Впрочем, даже полюби он латынь и математику, путного все равно ничего бы не вышло: школа была хуже тюрьмы. «В тюрьме вас все-таки не принуждают читать книги, написанные сторожем или комендантом (хотя если бы они писали приличные книжонки, то не были бы сторожами и комендантами). В тюрьме вас не бьют и не пытают за то, что в вашей голове не застревает содержание этих сочинений. Вас никто не заставляет сидеть и слушать унылые прописи надзирателя о предмете, до которого ему нет ни дела, ни разумения, и, стало быть, вам он тоже ничего не втолкует. В тюрьме могут истязать физически, но ума вашего никто не тронет; вас даже оградят от буйства и дикости товарищей по несчастью. У школы нет ни одного из этих преимуществ».
Детей гоняли, как преступников, — и еще ждали от них христианского смирения! Предоставьте их себе — и сразу проявится убожество этой политики: «Помню, у нашего директора, жившего при школе, серьезно заболела жена. Заведенный порядок нарушился, и один класс остался без учителя. Это был как раз наш класс. Отослать нас домой нельзя — нарушается первый уговор с родителями: школа берется любой ценой на полдня уберечь их от нас. А посему воззвали к нашим лучшим чувствам, то бишь, к человеколюбию: ради бога, не шумите! Однако сам директор не баловал учеников человеколюбием. Ребят натаскали в таком духе, что директор казался им существом высшего, другого, чем они, порядка: он не ошибается, не страдает, не берут его ни смерть, ни хвороба. О сочувствии с нашей стороны, следовательно, не могло быть и речи. Несчастная женщина тогда не умерла. В извинение себе я думаю, что она была слишком занята своим положением, и потому едва ли ее тревожило столпотворение внизу».

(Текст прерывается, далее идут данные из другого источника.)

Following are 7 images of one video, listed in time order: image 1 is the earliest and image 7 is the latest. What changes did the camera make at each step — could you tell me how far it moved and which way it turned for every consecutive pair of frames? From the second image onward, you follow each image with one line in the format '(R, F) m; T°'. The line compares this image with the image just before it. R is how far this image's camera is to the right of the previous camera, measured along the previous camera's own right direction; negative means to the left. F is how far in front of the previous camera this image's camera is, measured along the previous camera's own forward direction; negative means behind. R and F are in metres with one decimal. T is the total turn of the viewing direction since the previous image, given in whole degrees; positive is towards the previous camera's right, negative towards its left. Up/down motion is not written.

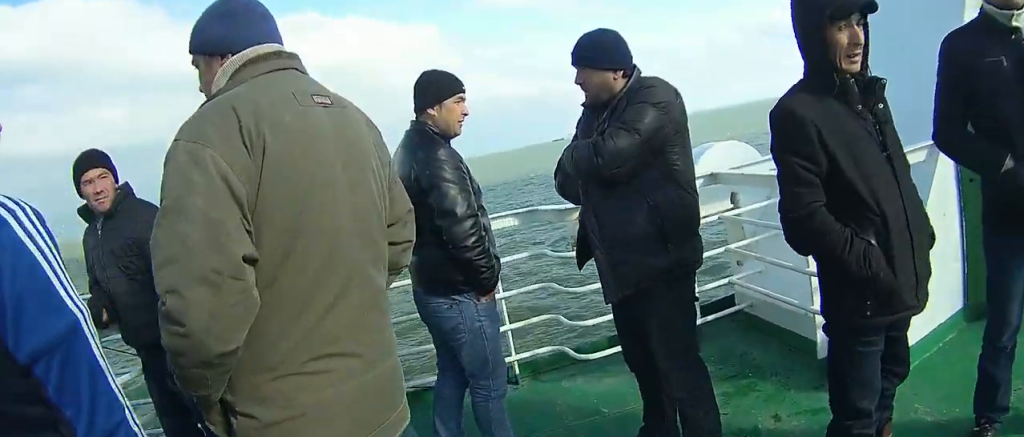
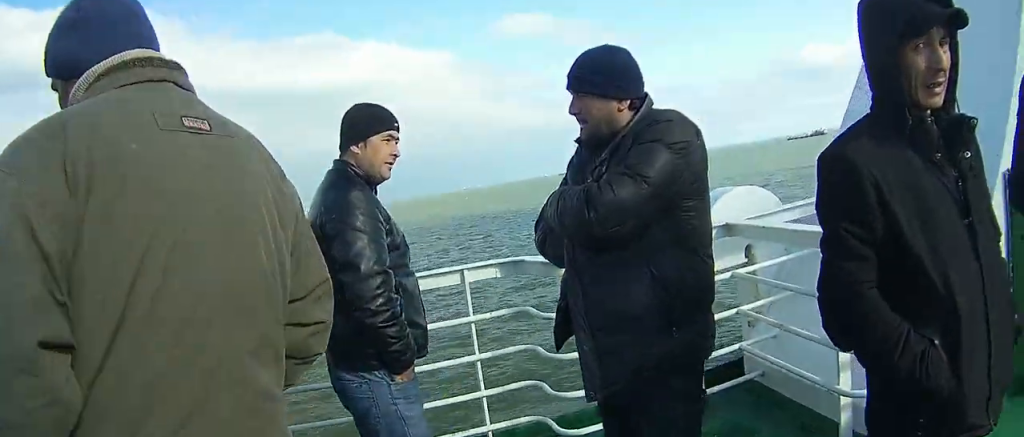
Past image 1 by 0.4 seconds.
(0.0, +1.5) m; 0°
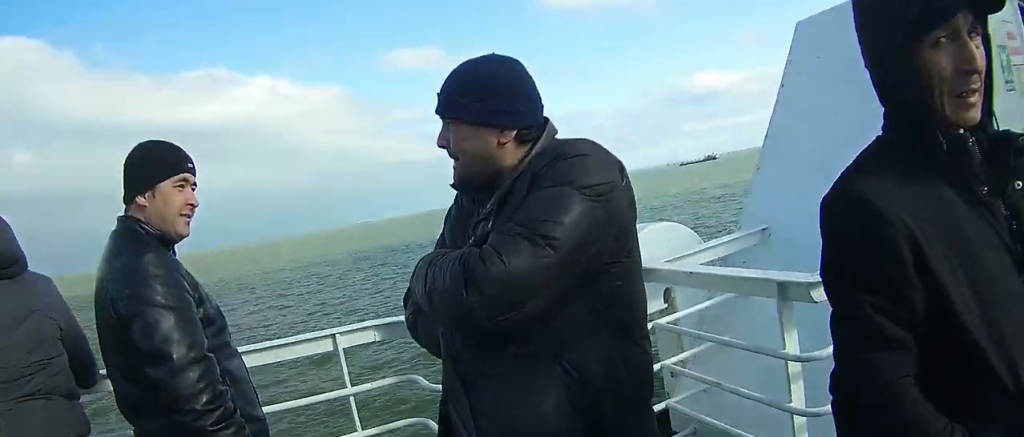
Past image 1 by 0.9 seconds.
(0.0, +1.6) m; 0°
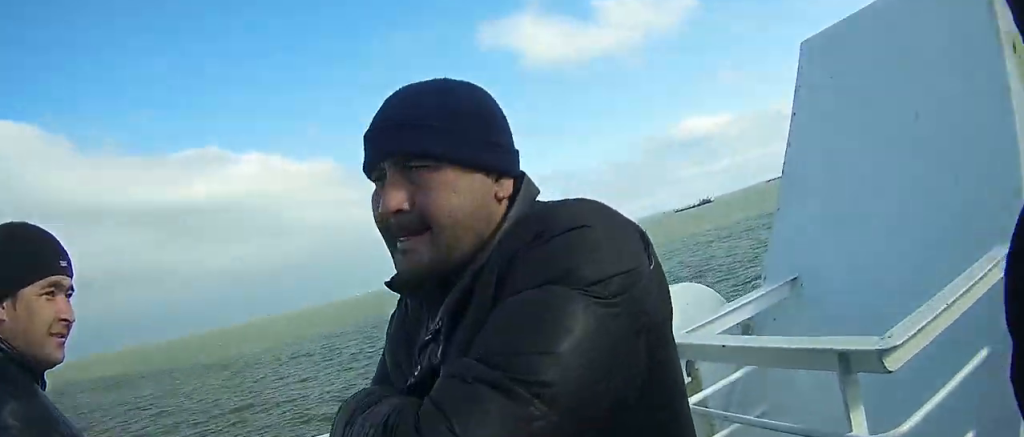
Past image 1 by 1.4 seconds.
(0.0, +1.6) m; 0°
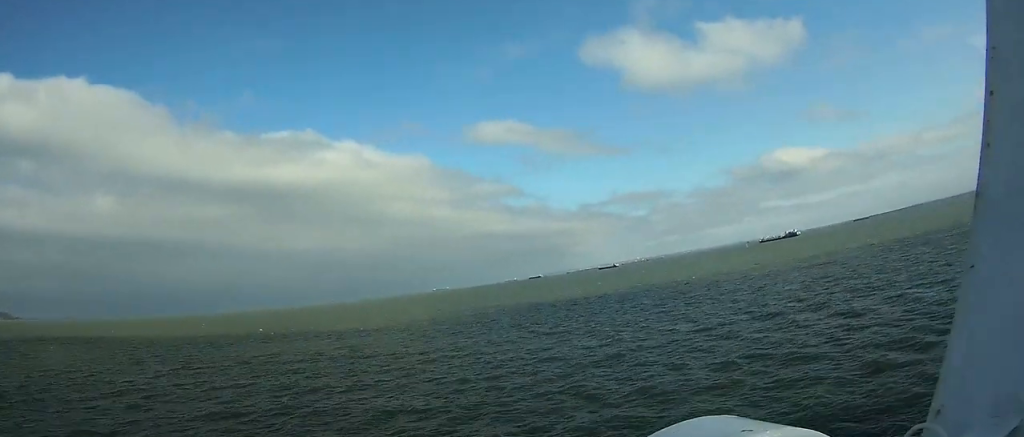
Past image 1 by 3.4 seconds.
(0.0, +7.3) m; -1°
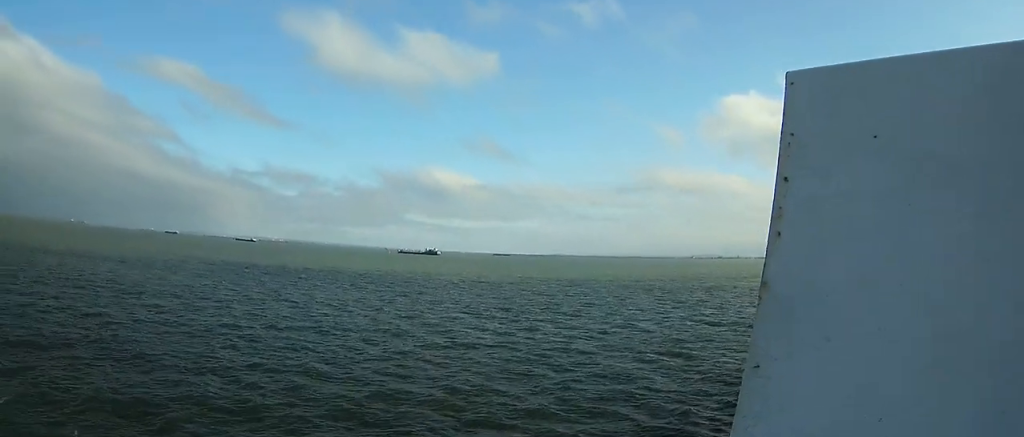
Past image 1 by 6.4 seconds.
(-0.4, +11.8) m; -4°
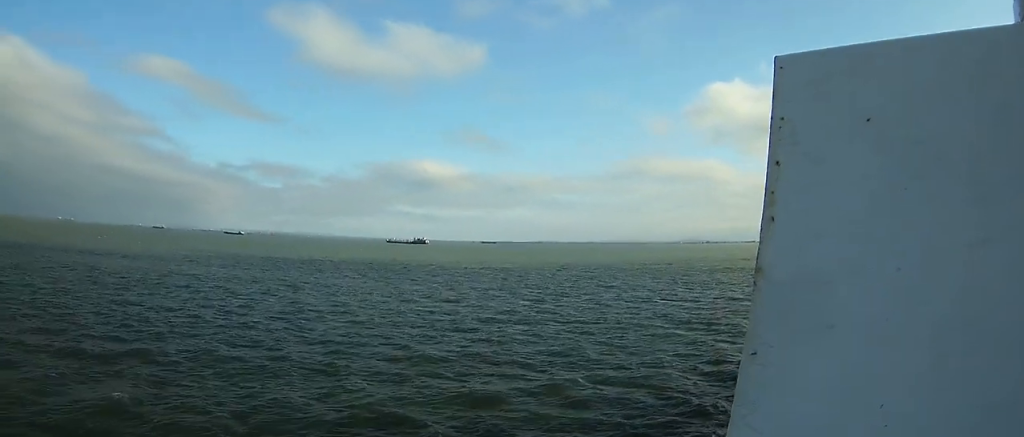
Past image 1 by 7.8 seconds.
(0.0, +6.1) m; -1°

Подобные случаи внушили ему скептическое отношение к благому назначению школьной дисциплины, и он не знал, как ответить, когда много лет спустя его попросили что-нибудь сделать для школы в деревне, где он жил. «Я бы со спокойной душой подорвал все школы динамитом, но к данной школе это не подходило: она гарантировала мне покой в рабочие часы. Тогда я испросил конкретного совета. «Учредите премию», — подсказала школьная дама. Я поинтересовался, существует ли премия за отличное поведение. Разумеется, такая существовала: одна — самому примерному мальчику, другая — самой примерной девочке. Немного поразмыслив, я предложил хорошую премию самому шкодливому мальчику и такой же точно девочке, оговорив условием составление подробной хроники их взрослой жизни, дабы увидеть, насколько приложимы школьные мерки примерного поведения ко всему, что лежит за порогом школы. Предложение мое было отклонено: с детьми тогда не оберешься хлопот, а все эти премии за поведение для того и придуманы, чтобы хлопот было поменьше.